- Opening Delimiter -

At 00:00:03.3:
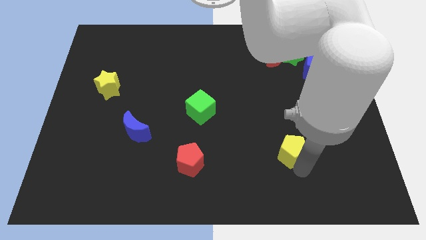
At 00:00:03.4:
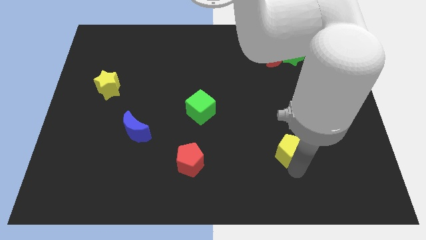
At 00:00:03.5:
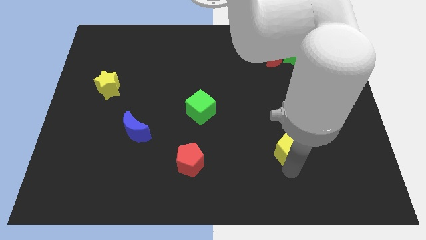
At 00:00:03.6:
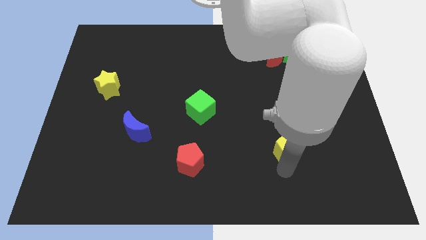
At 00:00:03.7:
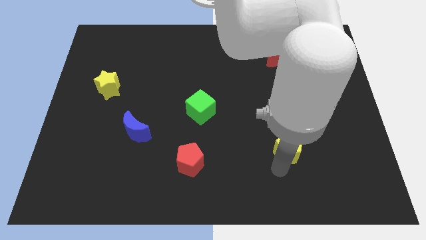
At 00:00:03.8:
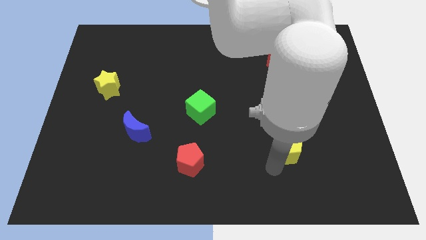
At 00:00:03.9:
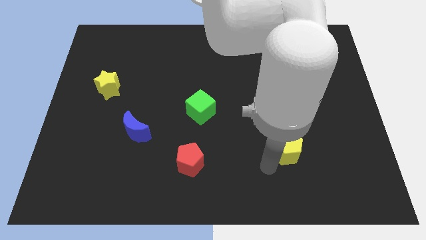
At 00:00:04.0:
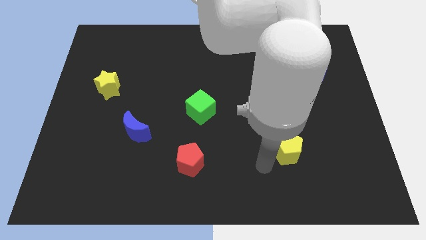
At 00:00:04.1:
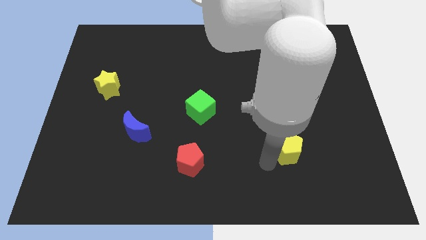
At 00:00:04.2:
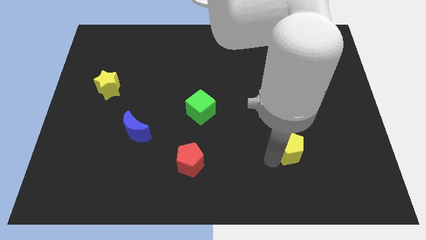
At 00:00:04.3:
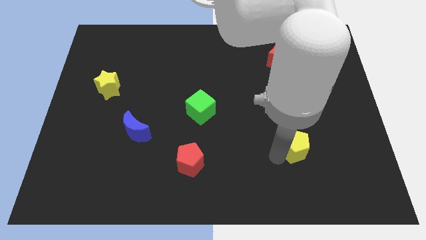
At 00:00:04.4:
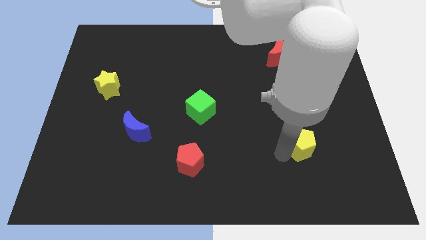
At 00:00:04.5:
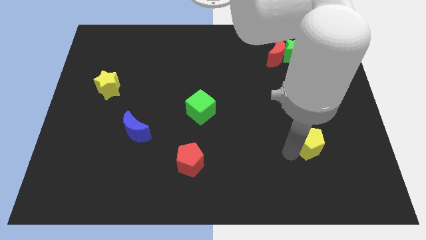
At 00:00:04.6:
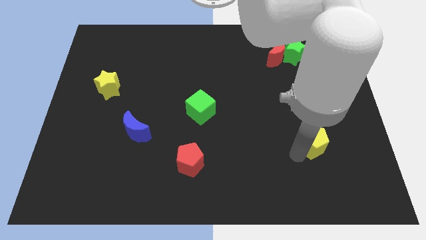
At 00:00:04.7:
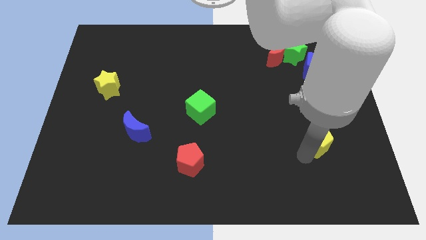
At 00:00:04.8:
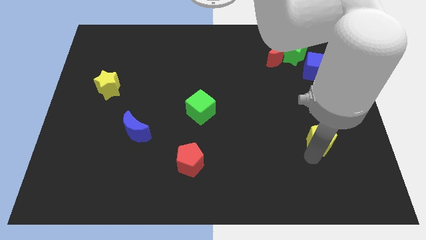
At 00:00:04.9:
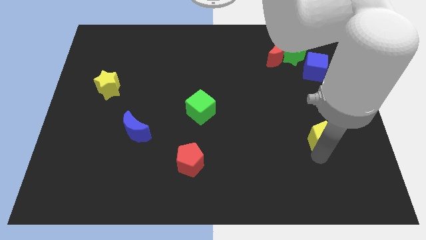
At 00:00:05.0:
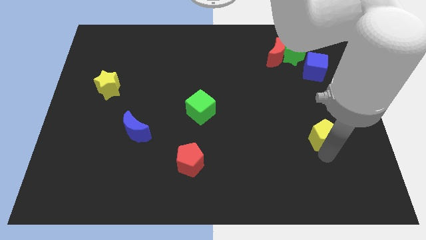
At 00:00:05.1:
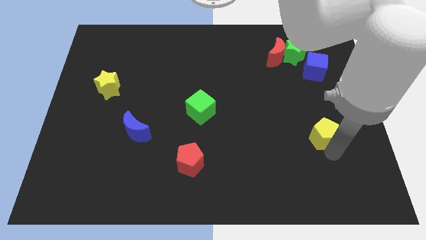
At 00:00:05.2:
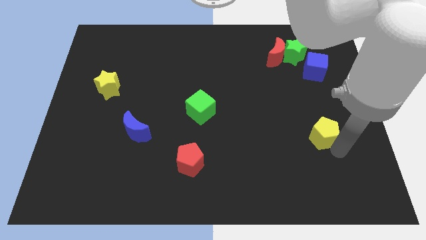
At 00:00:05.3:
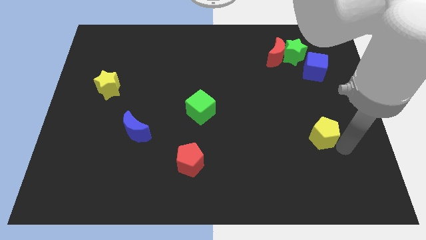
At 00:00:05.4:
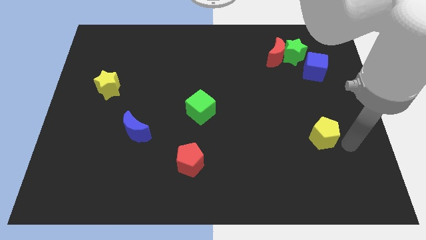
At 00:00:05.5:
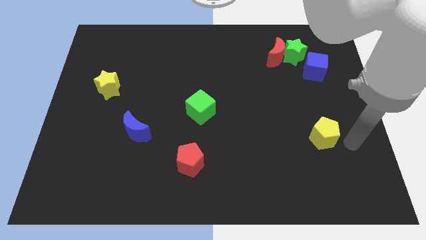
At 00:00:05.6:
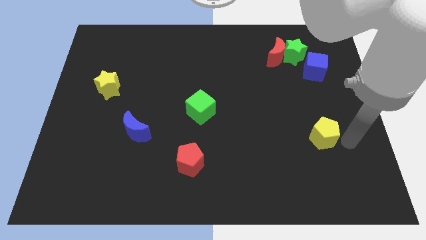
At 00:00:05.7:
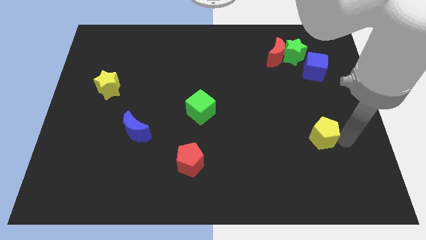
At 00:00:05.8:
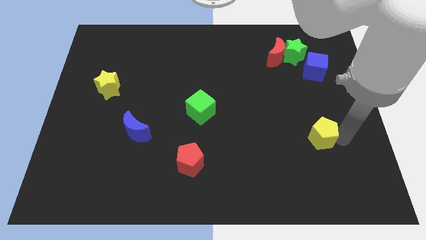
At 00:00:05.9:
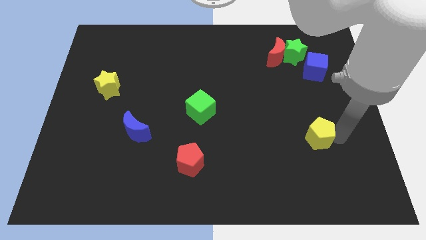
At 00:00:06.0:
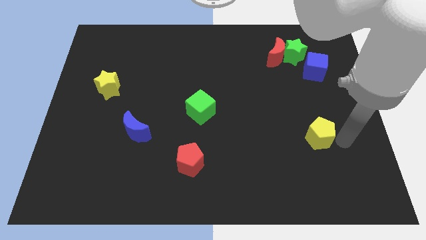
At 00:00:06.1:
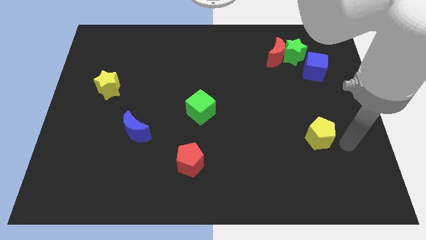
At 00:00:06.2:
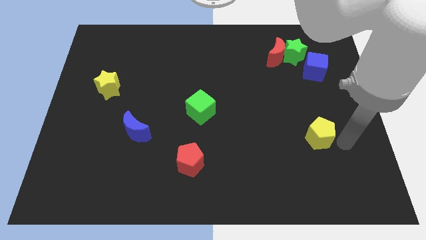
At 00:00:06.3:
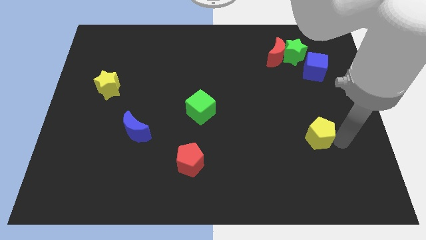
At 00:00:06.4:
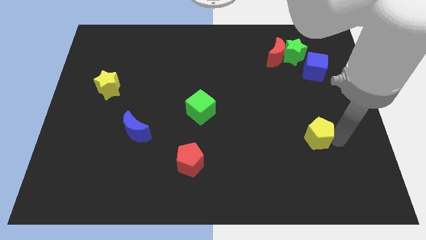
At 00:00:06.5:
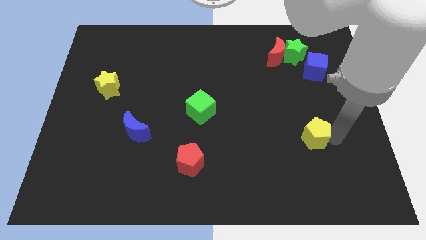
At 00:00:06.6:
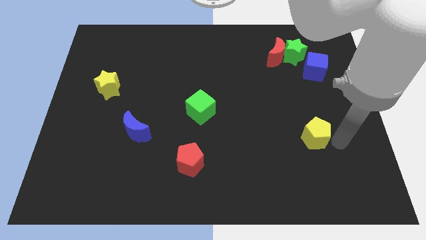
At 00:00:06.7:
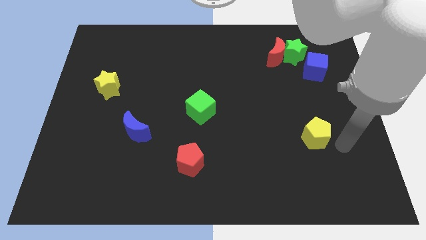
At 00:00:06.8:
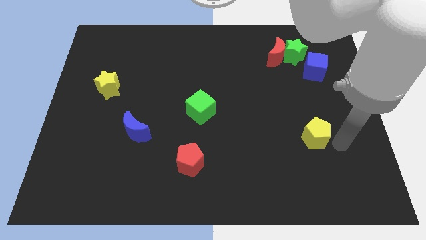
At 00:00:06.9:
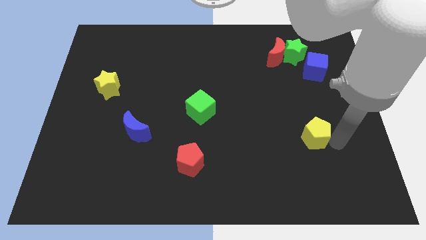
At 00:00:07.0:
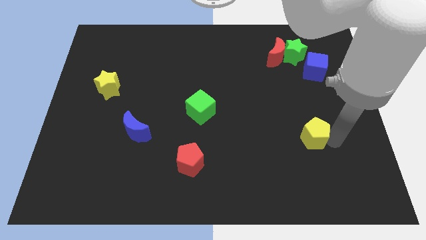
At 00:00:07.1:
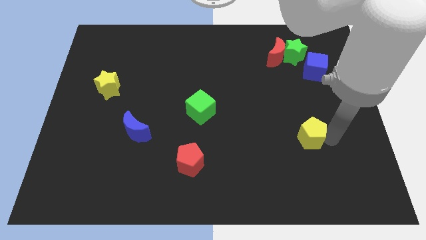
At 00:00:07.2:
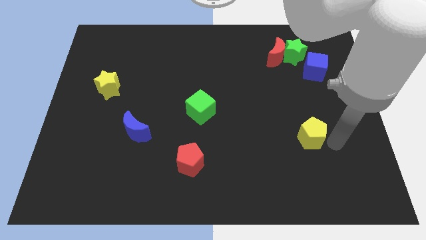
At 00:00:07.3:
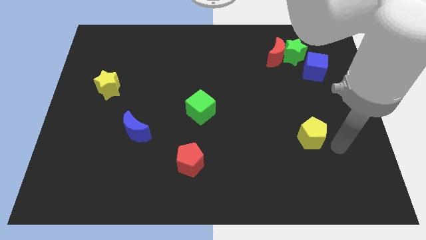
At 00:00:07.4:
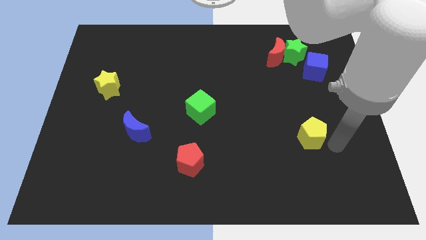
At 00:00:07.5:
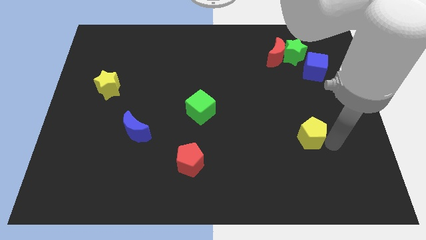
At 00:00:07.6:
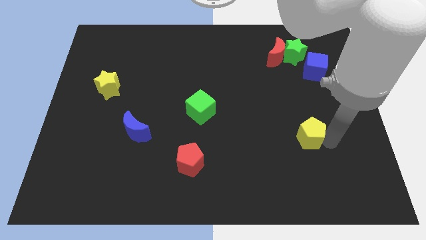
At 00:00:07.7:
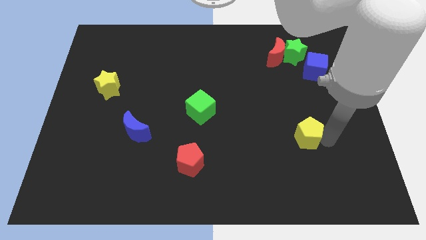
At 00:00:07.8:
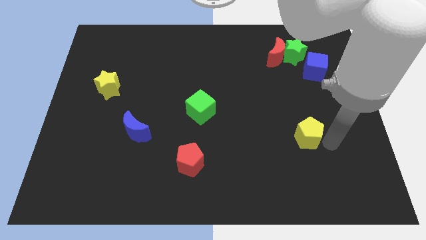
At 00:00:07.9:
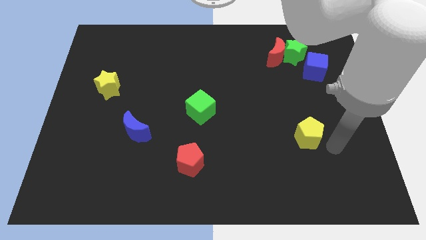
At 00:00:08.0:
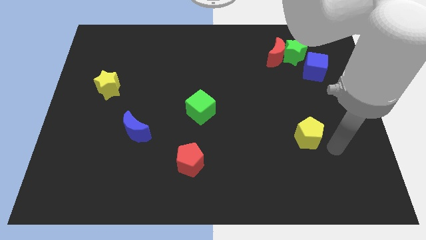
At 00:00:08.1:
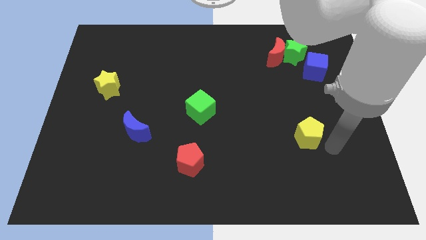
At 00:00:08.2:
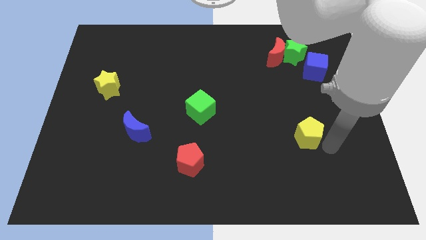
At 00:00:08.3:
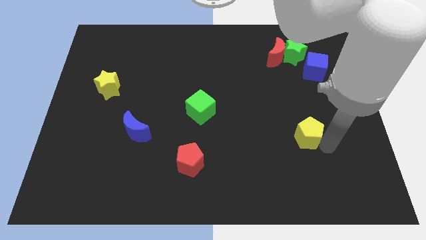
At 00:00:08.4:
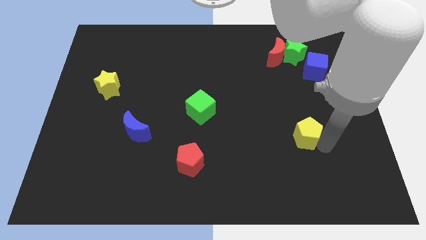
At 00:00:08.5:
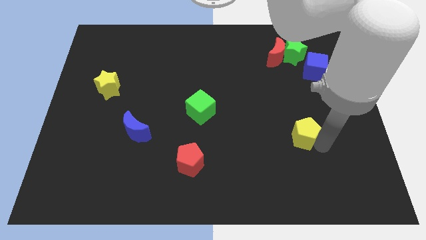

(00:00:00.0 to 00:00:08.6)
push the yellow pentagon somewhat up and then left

- Closing Delimiter -

• [Activity]:
Everything in the listing above is to be given again exactly, apart from the pictures.

• [Result of this task]:
At 00:00:03.3:
At 00:00:03.4:
At 00:00:03.5:
At 00:00:03.6:
At 00:00:03.7:
At 00:00:03.8:
At 00:00:03.9:
At 00:00:04.0:
At 00:00:04.1:
At 00:00:04.2:
At 00:00:04.3:
At 00:00:04.4:
At 00:00:04.5:
At 00:00:04.6:
At 00:00:04.7:
At 00:00:04.8:
At 00:00:04.9:
At 00:00:05.0:
At 00:00:05.1:
At 00:00:05.2:
At 00:00:05.3:
At 00:00:05.4:
At 00:00:05.5:
At 00:00:05.6:
At 00:00:05.7:
At 00:00:05.8:
At 00:00:05.9:
At 00:00:06.0:
At 00:00:06.1:
At 00:00:06.2:
At 00:00:06.3:
At 00:00:06.4:
At 00:00:06.5:
At 00:00:06.6:
At 00:00:06.7:
At 00:00:06.8:
At 00:00:06.9:
At 00:00:07.0:
At 00:00:07.1:
At 00:00:07.2:
At 00:00:07.3:
At 00:00:07.4:
At 00:00:07.5:
At 00:00:07.6:
At 00:00:07.7:
At 00:00:07.8:
At 00:00:07.9:
At 00:00:08.0:
At 00:00:08.1:
At 00:00:08.2:
At 00:00:08.3:
At 00:00:08.4:
At 00:00:08.5:

(00:00:00.0 to 00:00:08.6)
push the yellow pentagon somewhat up and then left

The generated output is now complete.